All the antisera were first assayed for tissue specificity by a
solid phase immunoassay with proteins from sperm, eggs, larvae or fem- 1(
hc17) hemaphrodites which have no sperm. Those antisera that showed
significant binding to sperm proteins were then characterized further
by immunostaining of sperm or fem-1 proteins transferred from 1-D or 2-
D gels to nitrocellulose ('Western transfers'). In addition the
cellular localization of antigens was determined by immunofluorescence.

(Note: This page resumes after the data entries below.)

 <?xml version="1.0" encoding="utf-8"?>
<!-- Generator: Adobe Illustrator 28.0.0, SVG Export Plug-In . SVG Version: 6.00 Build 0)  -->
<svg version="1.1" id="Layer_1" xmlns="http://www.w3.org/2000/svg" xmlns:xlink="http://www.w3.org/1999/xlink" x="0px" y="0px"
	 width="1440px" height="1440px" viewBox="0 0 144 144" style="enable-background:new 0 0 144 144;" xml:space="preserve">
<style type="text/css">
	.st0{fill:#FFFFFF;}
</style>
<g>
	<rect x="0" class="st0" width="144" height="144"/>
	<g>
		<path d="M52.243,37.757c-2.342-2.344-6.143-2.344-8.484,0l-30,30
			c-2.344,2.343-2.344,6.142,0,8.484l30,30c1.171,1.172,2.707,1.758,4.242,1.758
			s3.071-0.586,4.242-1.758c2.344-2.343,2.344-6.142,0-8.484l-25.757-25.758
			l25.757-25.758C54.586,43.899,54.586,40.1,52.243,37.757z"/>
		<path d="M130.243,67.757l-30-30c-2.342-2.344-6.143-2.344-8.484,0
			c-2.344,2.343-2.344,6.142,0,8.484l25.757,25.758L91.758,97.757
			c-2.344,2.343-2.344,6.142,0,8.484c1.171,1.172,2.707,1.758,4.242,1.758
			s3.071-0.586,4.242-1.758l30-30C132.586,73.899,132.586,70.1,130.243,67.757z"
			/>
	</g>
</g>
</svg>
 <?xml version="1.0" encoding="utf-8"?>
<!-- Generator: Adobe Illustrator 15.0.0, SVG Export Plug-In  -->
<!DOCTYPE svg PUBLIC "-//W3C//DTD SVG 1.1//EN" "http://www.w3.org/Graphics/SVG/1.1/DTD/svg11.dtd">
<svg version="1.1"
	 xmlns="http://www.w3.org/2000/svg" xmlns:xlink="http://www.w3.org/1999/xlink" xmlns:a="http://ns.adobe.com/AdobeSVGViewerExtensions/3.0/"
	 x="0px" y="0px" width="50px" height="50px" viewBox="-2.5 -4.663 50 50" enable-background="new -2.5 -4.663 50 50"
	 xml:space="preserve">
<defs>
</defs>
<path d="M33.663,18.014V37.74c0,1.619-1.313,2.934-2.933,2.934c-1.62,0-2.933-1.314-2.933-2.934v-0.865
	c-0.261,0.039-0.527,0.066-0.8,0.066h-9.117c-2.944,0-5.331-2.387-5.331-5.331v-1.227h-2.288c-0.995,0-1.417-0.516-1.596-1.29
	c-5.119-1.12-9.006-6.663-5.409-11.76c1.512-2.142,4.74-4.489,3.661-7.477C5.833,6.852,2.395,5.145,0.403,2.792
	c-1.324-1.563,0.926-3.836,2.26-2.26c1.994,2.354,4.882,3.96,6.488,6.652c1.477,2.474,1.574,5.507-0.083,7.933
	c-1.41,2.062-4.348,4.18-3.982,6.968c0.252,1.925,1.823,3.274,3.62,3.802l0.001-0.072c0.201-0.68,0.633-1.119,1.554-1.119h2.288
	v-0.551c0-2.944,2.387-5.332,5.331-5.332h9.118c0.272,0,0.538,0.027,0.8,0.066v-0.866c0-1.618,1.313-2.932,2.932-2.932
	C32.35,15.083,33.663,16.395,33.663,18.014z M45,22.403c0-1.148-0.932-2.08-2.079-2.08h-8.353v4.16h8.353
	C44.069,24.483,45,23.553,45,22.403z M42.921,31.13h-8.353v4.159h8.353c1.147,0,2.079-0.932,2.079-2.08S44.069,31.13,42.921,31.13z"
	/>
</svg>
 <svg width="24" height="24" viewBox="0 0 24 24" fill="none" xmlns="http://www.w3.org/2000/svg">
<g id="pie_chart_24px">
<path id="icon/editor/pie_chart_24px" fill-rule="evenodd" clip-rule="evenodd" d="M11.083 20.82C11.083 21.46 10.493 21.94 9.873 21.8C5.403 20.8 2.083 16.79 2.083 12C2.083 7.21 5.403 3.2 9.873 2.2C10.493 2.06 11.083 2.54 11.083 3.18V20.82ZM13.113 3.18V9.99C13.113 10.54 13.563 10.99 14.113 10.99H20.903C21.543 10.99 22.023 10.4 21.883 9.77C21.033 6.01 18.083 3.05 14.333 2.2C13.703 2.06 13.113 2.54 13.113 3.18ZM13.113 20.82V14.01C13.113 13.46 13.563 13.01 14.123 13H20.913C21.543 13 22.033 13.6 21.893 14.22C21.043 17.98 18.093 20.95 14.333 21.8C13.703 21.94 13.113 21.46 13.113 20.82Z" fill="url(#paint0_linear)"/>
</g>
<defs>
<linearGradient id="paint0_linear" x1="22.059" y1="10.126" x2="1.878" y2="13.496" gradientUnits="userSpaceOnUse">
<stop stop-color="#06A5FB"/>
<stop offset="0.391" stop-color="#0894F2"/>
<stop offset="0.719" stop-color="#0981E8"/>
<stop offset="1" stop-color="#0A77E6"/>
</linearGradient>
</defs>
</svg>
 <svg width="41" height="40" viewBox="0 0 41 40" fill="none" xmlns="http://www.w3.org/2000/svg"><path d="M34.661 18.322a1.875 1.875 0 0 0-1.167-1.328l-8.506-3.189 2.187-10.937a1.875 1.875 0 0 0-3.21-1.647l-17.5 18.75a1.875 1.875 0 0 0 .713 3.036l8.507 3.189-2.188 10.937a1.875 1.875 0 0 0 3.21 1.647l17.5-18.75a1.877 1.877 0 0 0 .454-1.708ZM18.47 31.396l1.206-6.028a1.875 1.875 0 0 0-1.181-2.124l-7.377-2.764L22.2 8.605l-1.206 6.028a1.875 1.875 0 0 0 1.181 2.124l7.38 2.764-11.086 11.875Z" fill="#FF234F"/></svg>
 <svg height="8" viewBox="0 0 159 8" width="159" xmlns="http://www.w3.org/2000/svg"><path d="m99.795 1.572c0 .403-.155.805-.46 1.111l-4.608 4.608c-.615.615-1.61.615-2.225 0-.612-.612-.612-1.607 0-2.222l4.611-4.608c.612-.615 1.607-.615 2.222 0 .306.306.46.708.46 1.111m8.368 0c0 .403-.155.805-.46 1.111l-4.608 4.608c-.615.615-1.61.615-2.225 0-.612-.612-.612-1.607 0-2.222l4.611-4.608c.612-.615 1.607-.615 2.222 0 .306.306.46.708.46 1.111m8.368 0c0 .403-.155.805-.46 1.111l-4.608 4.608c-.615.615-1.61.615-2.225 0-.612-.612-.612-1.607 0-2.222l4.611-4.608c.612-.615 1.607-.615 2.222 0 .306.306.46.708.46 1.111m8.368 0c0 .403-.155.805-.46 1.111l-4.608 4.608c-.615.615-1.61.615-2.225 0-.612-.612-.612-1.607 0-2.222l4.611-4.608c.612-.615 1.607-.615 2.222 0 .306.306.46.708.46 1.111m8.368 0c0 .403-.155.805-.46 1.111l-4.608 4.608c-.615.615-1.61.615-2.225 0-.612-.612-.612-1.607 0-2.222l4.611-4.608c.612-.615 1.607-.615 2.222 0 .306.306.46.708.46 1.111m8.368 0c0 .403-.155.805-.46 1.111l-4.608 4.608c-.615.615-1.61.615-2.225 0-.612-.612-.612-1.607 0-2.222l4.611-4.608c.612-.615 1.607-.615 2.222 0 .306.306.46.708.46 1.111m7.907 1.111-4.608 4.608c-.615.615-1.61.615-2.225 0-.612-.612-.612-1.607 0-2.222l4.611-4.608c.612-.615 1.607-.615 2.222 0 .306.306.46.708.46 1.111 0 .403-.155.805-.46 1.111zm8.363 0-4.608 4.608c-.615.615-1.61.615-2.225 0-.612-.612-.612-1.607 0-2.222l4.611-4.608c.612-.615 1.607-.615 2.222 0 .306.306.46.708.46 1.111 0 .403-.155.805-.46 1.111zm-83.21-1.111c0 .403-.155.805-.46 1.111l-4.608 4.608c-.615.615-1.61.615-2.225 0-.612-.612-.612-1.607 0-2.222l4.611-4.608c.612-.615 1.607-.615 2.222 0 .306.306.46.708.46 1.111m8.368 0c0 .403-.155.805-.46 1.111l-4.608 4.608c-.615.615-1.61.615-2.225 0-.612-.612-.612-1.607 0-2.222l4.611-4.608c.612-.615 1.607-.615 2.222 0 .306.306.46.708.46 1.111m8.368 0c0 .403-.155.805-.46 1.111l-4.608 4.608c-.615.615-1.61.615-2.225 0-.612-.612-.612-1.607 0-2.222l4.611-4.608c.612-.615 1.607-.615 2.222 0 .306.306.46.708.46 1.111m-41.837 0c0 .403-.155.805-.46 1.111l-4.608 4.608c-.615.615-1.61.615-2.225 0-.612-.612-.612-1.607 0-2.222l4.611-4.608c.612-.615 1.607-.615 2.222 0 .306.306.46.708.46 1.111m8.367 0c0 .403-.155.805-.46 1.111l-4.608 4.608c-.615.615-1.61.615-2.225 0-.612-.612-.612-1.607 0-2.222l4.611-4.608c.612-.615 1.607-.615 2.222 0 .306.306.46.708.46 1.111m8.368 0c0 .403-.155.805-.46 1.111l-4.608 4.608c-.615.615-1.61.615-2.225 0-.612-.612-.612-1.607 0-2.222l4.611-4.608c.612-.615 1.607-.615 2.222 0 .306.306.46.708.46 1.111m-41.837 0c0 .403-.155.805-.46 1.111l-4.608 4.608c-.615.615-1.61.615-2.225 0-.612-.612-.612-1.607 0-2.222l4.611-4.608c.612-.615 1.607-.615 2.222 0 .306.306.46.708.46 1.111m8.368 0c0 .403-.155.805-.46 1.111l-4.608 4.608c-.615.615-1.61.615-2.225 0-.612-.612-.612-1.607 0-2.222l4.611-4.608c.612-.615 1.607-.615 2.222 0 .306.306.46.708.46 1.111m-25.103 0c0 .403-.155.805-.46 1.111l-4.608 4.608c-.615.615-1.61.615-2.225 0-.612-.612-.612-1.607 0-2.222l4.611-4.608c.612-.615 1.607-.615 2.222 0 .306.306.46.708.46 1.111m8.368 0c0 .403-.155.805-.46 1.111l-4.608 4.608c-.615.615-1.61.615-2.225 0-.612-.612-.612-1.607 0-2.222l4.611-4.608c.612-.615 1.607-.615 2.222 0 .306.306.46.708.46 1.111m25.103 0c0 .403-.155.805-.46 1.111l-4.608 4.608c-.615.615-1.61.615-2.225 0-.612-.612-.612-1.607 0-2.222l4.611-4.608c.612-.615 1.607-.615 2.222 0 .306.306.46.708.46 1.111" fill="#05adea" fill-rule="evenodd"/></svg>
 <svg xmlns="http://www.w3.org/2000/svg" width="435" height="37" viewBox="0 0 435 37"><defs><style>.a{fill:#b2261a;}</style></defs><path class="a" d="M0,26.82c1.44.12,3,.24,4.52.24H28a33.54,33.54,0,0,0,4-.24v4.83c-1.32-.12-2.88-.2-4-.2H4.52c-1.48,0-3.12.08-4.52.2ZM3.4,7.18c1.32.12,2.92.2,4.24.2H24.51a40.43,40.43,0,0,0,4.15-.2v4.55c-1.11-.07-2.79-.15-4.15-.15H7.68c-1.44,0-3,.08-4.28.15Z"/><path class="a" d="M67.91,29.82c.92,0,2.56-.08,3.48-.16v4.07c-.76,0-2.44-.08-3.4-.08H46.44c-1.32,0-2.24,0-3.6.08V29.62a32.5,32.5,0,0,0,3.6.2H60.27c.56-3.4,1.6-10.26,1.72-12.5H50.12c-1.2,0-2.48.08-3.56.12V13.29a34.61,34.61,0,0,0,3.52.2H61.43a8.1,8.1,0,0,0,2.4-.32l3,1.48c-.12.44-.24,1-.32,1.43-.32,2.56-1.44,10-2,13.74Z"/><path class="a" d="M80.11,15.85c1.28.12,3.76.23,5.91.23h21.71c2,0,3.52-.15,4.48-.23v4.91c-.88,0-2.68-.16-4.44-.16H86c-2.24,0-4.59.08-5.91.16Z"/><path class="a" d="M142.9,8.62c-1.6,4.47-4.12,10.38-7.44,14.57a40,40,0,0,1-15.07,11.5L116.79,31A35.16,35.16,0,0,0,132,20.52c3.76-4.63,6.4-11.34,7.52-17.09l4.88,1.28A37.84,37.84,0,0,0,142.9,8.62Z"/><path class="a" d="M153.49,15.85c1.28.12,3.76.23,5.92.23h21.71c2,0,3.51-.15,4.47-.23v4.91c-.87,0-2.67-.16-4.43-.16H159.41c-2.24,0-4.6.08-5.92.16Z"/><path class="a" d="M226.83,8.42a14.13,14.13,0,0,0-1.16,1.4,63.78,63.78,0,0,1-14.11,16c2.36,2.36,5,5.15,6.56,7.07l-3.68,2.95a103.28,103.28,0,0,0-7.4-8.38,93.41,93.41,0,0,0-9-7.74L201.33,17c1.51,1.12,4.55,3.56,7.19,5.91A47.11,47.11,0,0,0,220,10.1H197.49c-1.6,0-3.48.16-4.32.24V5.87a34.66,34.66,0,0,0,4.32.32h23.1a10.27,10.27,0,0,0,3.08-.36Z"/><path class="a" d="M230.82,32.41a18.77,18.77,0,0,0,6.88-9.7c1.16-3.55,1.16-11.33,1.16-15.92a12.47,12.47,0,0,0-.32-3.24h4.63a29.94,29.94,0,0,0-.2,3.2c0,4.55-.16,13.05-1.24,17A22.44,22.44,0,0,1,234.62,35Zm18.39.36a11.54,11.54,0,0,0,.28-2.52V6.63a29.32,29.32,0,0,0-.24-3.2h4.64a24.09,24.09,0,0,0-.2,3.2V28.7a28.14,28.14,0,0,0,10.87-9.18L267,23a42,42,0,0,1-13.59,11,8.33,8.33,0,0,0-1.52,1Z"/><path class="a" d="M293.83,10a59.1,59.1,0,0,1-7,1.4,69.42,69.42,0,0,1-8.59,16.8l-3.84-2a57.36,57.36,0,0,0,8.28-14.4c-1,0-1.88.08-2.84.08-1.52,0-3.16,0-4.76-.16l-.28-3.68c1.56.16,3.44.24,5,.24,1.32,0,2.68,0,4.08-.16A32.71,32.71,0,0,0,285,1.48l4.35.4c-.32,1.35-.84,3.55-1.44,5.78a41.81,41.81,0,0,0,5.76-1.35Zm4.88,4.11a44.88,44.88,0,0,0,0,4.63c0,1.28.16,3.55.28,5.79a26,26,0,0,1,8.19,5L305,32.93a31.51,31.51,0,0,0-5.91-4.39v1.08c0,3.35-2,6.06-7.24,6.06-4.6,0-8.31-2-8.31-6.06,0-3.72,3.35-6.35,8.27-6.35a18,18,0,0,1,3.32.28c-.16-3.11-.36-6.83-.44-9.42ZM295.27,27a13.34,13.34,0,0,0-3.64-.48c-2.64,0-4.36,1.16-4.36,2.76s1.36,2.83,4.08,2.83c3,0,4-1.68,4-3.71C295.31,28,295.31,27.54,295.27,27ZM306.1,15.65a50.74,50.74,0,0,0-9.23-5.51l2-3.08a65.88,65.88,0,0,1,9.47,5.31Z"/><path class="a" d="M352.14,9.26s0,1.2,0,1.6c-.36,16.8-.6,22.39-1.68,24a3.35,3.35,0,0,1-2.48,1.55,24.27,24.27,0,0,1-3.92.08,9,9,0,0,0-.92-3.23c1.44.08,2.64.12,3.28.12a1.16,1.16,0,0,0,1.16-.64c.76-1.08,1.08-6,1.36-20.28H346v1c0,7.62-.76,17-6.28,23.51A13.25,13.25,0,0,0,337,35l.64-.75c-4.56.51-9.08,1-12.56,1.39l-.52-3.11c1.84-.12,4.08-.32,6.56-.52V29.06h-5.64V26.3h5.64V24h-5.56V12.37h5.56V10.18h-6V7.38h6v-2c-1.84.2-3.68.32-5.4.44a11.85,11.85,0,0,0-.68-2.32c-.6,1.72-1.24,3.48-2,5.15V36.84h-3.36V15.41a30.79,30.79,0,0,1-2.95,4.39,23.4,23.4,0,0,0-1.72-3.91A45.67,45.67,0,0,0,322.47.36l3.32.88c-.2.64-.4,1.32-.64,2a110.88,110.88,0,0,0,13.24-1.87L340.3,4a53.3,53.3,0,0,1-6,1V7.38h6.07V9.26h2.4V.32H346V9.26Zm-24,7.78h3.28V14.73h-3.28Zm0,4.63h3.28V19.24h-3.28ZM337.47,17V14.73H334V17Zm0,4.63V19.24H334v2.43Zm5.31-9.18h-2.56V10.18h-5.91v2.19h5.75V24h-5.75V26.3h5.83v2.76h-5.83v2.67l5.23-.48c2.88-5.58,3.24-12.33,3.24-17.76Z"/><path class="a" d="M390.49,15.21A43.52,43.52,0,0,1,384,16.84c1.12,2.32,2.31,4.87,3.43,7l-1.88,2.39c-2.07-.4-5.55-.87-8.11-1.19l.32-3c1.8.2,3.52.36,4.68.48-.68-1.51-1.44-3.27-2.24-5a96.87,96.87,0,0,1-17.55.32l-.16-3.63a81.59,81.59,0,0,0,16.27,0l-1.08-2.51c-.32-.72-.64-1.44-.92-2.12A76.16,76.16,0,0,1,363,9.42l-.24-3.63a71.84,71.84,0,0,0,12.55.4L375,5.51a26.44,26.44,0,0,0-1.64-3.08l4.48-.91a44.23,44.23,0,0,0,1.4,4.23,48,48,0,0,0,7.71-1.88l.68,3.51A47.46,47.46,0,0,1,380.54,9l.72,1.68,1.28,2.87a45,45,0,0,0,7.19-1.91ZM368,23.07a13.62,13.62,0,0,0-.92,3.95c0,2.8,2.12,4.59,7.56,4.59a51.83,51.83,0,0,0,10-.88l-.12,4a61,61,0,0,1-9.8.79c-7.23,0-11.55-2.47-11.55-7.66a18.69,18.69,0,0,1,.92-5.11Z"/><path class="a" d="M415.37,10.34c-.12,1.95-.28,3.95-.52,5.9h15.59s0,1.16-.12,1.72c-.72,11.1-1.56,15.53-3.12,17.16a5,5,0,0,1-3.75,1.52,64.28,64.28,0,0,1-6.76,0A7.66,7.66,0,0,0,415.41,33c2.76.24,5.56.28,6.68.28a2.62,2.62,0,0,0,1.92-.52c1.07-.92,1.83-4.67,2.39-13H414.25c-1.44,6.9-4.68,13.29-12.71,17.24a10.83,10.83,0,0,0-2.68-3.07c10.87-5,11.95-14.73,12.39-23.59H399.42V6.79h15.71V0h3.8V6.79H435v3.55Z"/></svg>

All the anti-muscle protein antibodies showed much less binding to
sperm proteins than to other tissues. Most of them had too little
binding to test further. However, Ross's anti-alpha actinin serum
does bind to a protein in sperm that comigrates on 1-D and 2-D gels
with worm muscle alpha actinin. What is alpha actinin doing in a cell
with almost no actin? GAPDH is also present in sperm as Ralph and
Patrice knew already. We have been unable to detect these proteins in
the spermatozoa by immunofluorescence.
Several of the anti-sperm monoclonals reacted with both sperm and
other tissues, but seven of them were strictly sperm specific by both
the solid phase assay and by Westerns. By adding dilutions of sperm
proteins to the other tissue proteins it was found that the
sensitivity of detection of the solid phase assay is between 10+E3 and
10+E4 of the amount of antigen present in sperm. Thus other tissues
have less than 1/1000th as much of the sperm antigens as do sperm. In
addition, no staining is detected in other tissues by
immunofluorescence. One of these monoclonals is directed toward the
major sperm protein. Three others (two from Susi, one from Fred) give
an identical pattern on Westerns: they bind to eight distinct bands.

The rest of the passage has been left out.